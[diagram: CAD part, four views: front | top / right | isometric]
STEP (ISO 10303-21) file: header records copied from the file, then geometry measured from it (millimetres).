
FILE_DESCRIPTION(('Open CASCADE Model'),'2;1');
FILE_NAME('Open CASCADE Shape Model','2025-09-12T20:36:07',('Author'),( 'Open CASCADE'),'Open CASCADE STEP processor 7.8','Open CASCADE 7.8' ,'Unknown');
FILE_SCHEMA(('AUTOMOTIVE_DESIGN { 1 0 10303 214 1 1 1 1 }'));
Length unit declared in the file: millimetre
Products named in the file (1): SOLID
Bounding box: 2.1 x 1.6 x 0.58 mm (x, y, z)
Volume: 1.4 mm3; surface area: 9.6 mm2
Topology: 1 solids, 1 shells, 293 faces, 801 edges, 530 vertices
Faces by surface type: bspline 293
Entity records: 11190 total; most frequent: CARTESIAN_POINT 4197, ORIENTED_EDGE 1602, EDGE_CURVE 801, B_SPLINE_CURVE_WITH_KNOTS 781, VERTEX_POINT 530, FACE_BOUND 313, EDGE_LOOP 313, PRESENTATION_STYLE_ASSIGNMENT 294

=-=-=-=-=

◆ **Task requirements**:
Nothing but the lines from the one containing "STEP (ISO 10303-21)" through the last line of the listing should be output, each exactly as written.

◆ **Solution to the exercise**:
STEP (ISO 10303-21) file: header records copied from the file, then geometry measured from it (millimetres).
FILE_DESCRIPTION(('Open CASCADE Model'),'2;1');
FILE_NAME('Open CASCADE Shape Model','2025-09-12T20:36:07',('Author'),( 'Open CASCADE'),'Open CASCADE STEP processor 7.8','Open CASCADE 7.8' ,'Unknown');
FILE_SCHEMA(('AUTOMOTIVE_DESIGN { 1 0 10303 214 1 1 1 1 }'));
Length unit declared in the file: millimetre
Products named in the file (1): SOLID
Bounding box: 2.1 x 1.6 x 0.58 mm (x, y, z)
Volume: 1.4 mm3; surface area: 9.6 mm2
Topology: 1 solids, 1 shells, 293 faces, 801 edges, 530 vertices
Faces by surface type: bspline 293
Entity records: 11190 total; most frequent: CARTESIAN_POINT 4197, ORIENTED_EDGE 1602, EDGE_CURVE 801, B_SPLINE_CURVE_WITH_KNOTS 781, VERTEX_POINT 530, FACE_BOUND 313, EDGE_LOOP 313, PRESENTATION_STYLE_ASSIGNMENT 294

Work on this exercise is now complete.